- _EXERCISE DATA_:
######

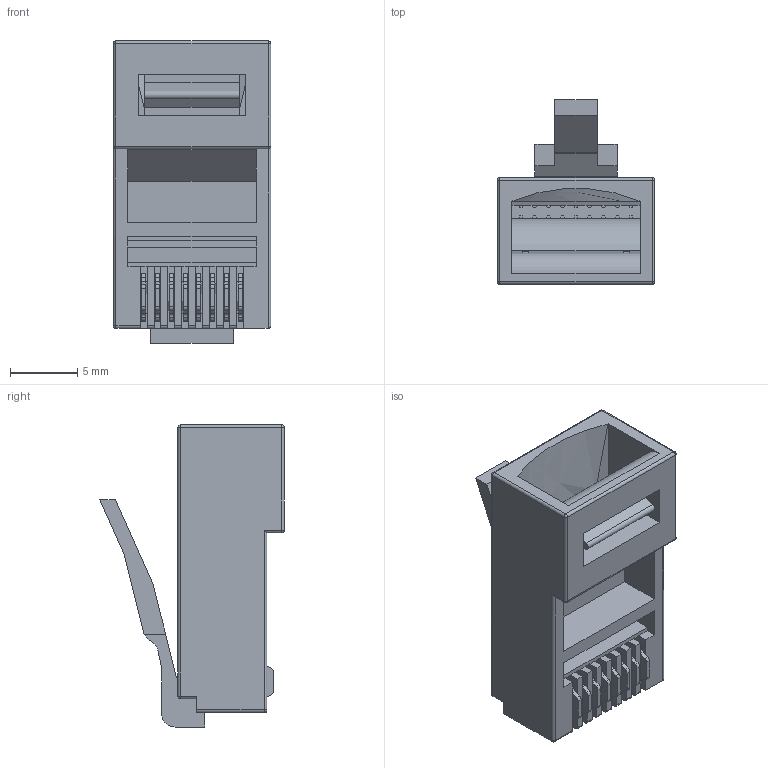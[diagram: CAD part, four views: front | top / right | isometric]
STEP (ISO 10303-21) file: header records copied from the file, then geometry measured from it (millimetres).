
FILE_DESCRIPTION (( 'STEP AP214' ), '1' );
FILE_NAME ('TDS8P8C.STEP', '2018-02-07T14:26:46', ( '' ), ( '' ), 'SwSTEP 2.0', 'SolidWorks 2017', '' );
FILE_SCHEMA (( 'AUTOMOTIVE_DESIGN' ));
Length unit declared in the file: millimetre
Products named in the file (3): TDS8P8C-MA2___; TDS8P8C-MA1___; TDS8P8C
Assembly tree (9 placements, depth 2):
  TDS8P8C
    TDS8P8C-MA1___
    TDS8P8C-MA2___  x8
Bounding box: 11.68 x 13.7 x 22.4 mm (x, y, z)
Volume: 1136.1 mm3; surface area: 2233.8 mm2
Topology: 9 solids, 9 shells, 631 faces, 1757 edges, 1127 vertices
Faces by surface type: plane 496, cylinder 125, sphere 9, bspline 1
Entity records: 10564 total; most frequent: CARTESIAN_POINT 1910, ORIENTED_EDGE 1844, DIRECTION 1678, EDGE_CURVE 922, LINE 824, VECTOR 824, VERTEX_POINT 595, AXIS2_PLACEMENT_3D 427

######

- _EXERCISE AIM_:
What goes in the answer is the run of lines from the one holding "STEP (ISO 10303-21)" to the end of the entries, reproduced exactly and with nothing else.

- _RESPONSE_:
STEP (ISO 10303-21) file: header records copied from the file, then geometry measured from it (millimetres).
FILE_DESCRIPTION (( 'STEP AP214' ), '1' );
FILE_NAME ('TDS8P8C.STEP', '2018-02-07T14:26:46', ( '' ), ( '' ), 'SwSTEP 2.0', 'SolidWorks 2017', '' );
FILE_SCHEMA (( 'AUTOMOTIVE_DESIGN' ));
Length unit declared in the file: millimetre
Products named in the file (3): TDS8P8C-MA2___; TDS8P8C-MA1___; TDS8P8C
Assembly tree (9 placements, depth 2):
  TDS8P8C
    TDS8P8C-MA1___
    TDS8P8C-MA2___  x8
Bounding box: 11.68 x 13.7 x 22.4 mm (x, y, z)
Volume: 1136.1 mm3; surface area: 2233.8 mm2
Topology: 9 solids, 9 shells, 631 faces, 1757 edges, 1127 vertices
Faces by surface type: plane 496, cylinder 125, sphere 9, bspline 1
Entity records: 10564 total; most frequent: CARTESIAN_POINT 1910, ORIENTED_EDGE 1844, DIRECTION 1678, EDGE_CURVE 922, LINE 824, VECTOR 824, VERTEX_POINT 595, AXIS2_PLACEMENT_3D 427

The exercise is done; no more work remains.